Effect on Trends in Total Labor Hours by Industry

Because supervisory and nonproduction workers are only a portion of all workers in each industry, trends in total industry hours were less affected than the trends in supervisory or nonproduction worker hours. The average annual percent change in total labor hours for 1987-2002 was revised up or down by 0.2 percentage points or more in 95 of the 477 industries examined. However, changes of 0.5 percentage points per year or more occurred in only 8 industries. The largest revision in total hours growth from 1987 to 2002 was in other electrical equipment and components, NAICS 3359, where average annual hours growth increased by almost 0.9 percentage points. Of the 8 industries where trends in total hours were most impacted, 5 are in the manufacturing sector.

Conclusions

With the construction of new supervisory and nonproduction worker average weekly hours estimates for detailed industries, both the levels and the 1987-2002 trends of these series changed for many industries. These changes affected the levels and trends in total supervisory and nonproduction worker hours, which in turn induced changes over the period in total hours of all workers. Change was expected since the previous estimates were based on the assumption that supervisory and nonproduction worker average weekly hours were constant over time.

The trend in hours of supervisory and nonproduction workers was revised by more than half a percentage point per year in about a third of all the industries examined.

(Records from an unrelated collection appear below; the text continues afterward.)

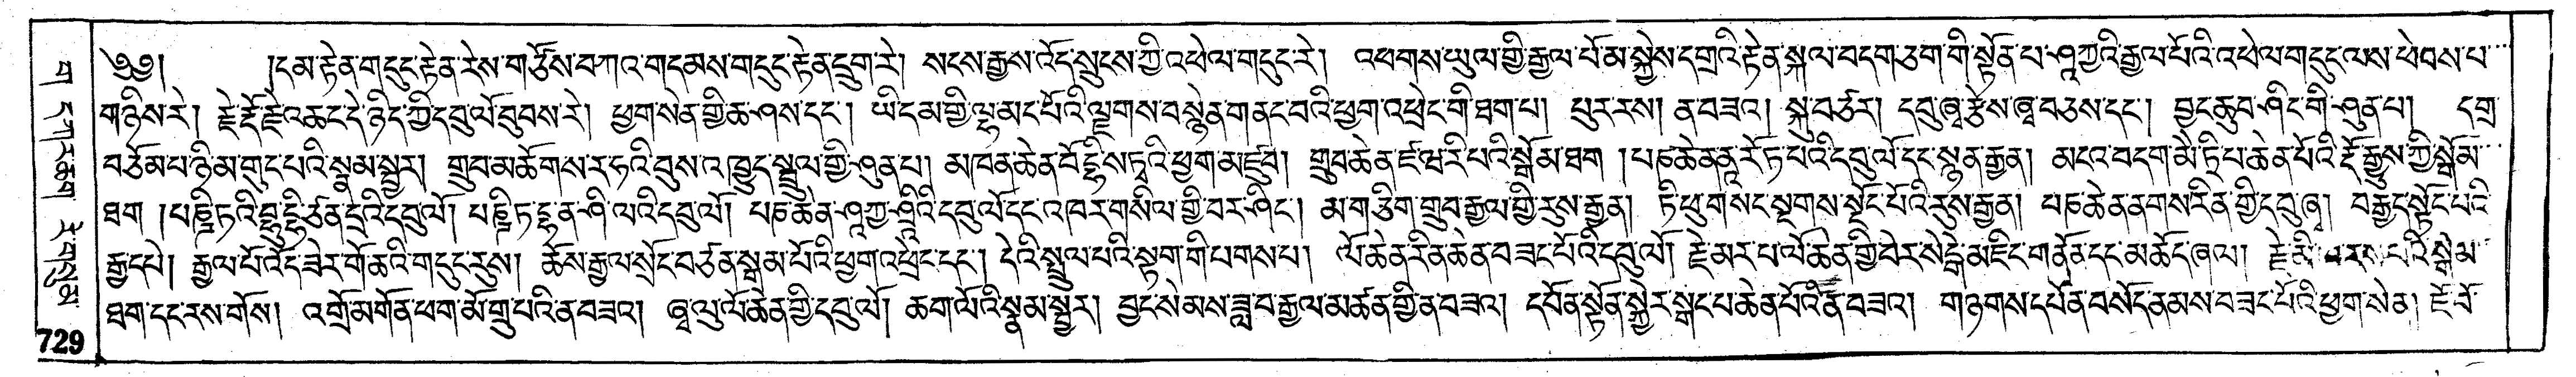༄༅། །དམ་རྟེན་གདུང་རྟེན་རེས་གཙོས་བཀའ་གདམས་གདུང་རྟེན་དྲུག་རེ། སངས་རྒྱས་འོད་སྲུངས་ཀྱི་འཕེལ་གདུང་རེ། འཕགས་ཡུལ་གྱི་རྒྱལ་པོ་མ་སྐྱེས་དགྲའི་རྟེན་སྐལ་བདག་ཅན་གི་སྟོན་པ་ཤཱཀྱའི་རྒྱལ་པོའི་འཕེལ་གདུང་ལས་ཕེབས་པ་
གཉིས་རེ། རྗེ་རྡོ་རྗེ་འཆང་དེ་ཉིད་ཀྱི་དབུ་ལོ་བུབས་རེ། ཕྱག་སེན་གྱི་ཆ་ཤས་དང་། ཡི་དམ་གྱི་ལྷ་མང་པོའི་ལྗགས་བསྙེན་གནང་བའི་ཕྱག་འཕྲེང་གི་ཐག་པ། པུར་རས། ན་བཟའ། སྐུ་བཙར། དབུ་ཞྭ་རྩེས་ཞྭ་བཅས་དང་། བྱང་ཆུབ་ཤིང་གི་ཤུན་པ། དགྲ་
བཅོམ་པ་ཉི་མ་གུང་པའི་སྣམ་སྦྱར། གྲུབ་མཆོག་སར་ཧའི་པུས་འཁྱུད་སྤྲུལ་གྱི་ཤུན་པ། མཁན་ཆེན་པོ་དྷི་སཏྭའི་ཕྱག་མཛུབ། གྲུབ་ཆེན་ཛ་ཝ་རི་པའི་སྒོམ་ཐག །པཎ་ཆེན་ནཱ་རོ་ཏ་པའི་དབུ་ལོ་དང་སྙན་རྒྱན། མངའ་བདག་མཻ་ཏྲི་པ་ཆེན་པོའི་རྡོ་རྒྱུས་ཀྱི་སྒོམ་
ཐག །པཎྜིཏ་བི་བྷུ་དྷི་ཙན་དྲའི་དབུ་ལོ། པཎྜིཏ་དྷ་ན་ཤི་ལའི་དབུ་ལོ། པཎ་ཆེན་ཤཱཀྱ་ཤྲཱིའི་དབུ་ལོ་དང་འཁར་གསིལ་གྱི་བར་ཤིང་། མ་གཅིག་གྲུབ་རྒྱལ་གྱི་རུས་རྒྱན། ཏི་ཕུ་གསང་སྔགས་སྡོང་པོའི་རུས་རྒྱན། པཎ་ཆེན་ནགས་རིན་གྱི་དབུ་ཞྭ། བརྒྱད་སྟོང་པའི་
རྒྱ་དཔེ། རྒྱལ་པོ་འོད་ཟེར་གོ་ཆའི་གདུང་རུས། ཆོས་རྒྱལ་སྲོང་བཙན་སྒམ་པོའི་ཕྱག་འཕྲེང་དང་། དེའི་སྤྲུལ་པའི་སྟག་གི་པགས་པ། ལོ་ཆེན་རིན་ཆེན་བཟང་པོའི་དབུ་ལོ། རྗེ་མར་པ་ལོ་ཆེན་གྱི་བེར་སེངྒེ་མཇིད་གནོན་དང་མཆོད་ཞལ། རྗེ་མི་ལ་རས་པའི་སྒོམ་
ཐག་དང་རས་གོས། འགྲོ་མགོན་ཕག་མོ་གྲུ་པའི་ན་བཟའ། ཞྭ་ལུ་ལོ་ཆེན་གྱི་དབུ་ལོ། ཆག་ལོའི་སྣམ་སྦྱར། བྱང་སེམས་ཟླ་བ་རྒྱལ་མཚན་གྱི་ན་བཟའ། དཔོན་སྟོན་སྐྱེར་སྒང་པ་ཆེན་པོའི་ན་བཟའ། གཉགས་དཔོན་བསོད་ནམས་བཟང་པོའི་ཕྱག་སེན། ཇོ་བོ་

However, for many industries the new measures did not have a major effect on the trends in total hours. The 1987-2002 average annual percent change in total labor hours was revised up or down by more than 0.5 percentage points in only 8 industries. The impact of the revisions to supervisory or nonproduction worker average weekly hours on the trends in total hours for an industry depended on a variety of factors, including the magnitude of the revisions to supervisory (nonproduction) worker average weekly hours levels, the concentration of supervisory or nonproduction workers in the industry, and the trends in the CPS-based adjustment ratios.

 

Notes

[1] The hours of self-employed and unpaid family workers also are included in industries where those workers tend to be relatively large. Estimates for self-employed and unpaid family workers are not available from the CES establishment survey and are separately constructed using CPS data. This report does not discuss the estimation of self-employed and unpaid family worker hours, however.

[2] The Bureau provides productivity measures for construction industries on a dedicated web page.

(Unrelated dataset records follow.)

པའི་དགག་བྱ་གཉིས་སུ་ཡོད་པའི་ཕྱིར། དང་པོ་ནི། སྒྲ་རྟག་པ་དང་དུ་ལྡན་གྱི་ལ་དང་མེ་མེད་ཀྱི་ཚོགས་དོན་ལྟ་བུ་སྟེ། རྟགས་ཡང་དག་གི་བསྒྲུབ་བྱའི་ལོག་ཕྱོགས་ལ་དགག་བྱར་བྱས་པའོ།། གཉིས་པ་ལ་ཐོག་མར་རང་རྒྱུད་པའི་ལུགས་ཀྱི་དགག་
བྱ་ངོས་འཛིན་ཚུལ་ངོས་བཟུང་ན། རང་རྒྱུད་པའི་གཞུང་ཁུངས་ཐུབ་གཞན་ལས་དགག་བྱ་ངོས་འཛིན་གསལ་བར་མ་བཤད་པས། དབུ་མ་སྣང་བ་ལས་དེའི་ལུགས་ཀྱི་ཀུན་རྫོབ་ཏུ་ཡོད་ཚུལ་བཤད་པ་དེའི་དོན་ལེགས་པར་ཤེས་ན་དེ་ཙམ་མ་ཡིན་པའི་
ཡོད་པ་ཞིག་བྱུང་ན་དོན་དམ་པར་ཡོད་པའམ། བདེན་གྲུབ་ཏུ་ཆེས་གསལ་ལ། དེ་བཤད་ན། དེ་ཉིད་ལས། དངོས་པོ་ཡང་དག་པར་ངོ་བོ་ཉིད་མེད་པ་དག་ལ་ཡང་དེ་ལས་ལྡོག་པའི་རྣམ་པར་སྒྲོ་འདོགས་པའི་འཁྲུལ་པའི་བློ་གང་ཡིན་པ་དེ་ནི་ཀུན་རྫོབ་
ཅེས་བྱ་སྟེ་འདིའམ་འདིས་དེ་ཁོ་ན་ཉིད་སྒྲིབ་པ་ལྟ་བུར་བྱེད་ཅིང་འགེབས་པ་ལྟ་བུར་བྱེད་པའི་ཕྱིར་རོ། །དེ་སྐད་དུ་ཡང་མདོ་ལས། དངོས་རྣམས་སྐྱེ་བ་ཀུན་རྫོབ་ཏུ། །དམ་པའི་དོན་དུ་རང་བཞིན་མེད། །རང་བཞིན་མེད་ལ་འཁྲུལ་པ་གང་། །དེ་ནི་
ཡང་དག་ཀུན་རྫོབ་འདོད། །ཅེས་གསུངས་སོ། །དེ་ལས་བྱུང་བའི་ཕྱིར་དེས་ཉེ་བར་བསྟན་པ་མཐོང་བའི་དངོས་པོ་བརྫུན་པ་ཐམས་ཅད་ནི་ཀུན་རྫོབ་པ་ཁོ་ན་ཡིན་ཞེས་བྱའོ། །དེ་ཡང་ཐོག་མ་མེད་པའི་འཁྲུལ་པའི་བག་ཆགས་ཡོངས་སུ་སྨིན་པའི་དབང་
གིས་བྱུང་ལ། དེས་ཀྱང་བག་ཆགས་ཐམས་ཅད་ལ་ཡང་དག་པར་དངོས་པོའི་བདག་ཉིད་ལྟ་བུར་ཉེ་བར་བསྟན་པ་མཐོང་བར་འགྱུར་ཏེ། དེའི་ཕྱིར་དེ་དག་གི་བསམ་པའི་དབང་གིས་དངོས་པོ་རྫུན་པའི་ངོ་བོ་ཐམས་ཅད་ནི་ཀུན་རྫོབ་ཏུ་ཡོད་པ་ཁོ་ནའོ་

[3] The industries included in this study are those for which estimates of nonproduction or supervisory worker hours previously had been based on the 1977 EEEC survey or the 1980 Census of Population. Industries for which productivity measures were recently developed or that use hours data from an alternate source are excluded from this study.

[4] Changes were expected. Since average weekly hours of these workers were previously assumed to be constant, previous trends in the hours of these workers reflected only their employment trends.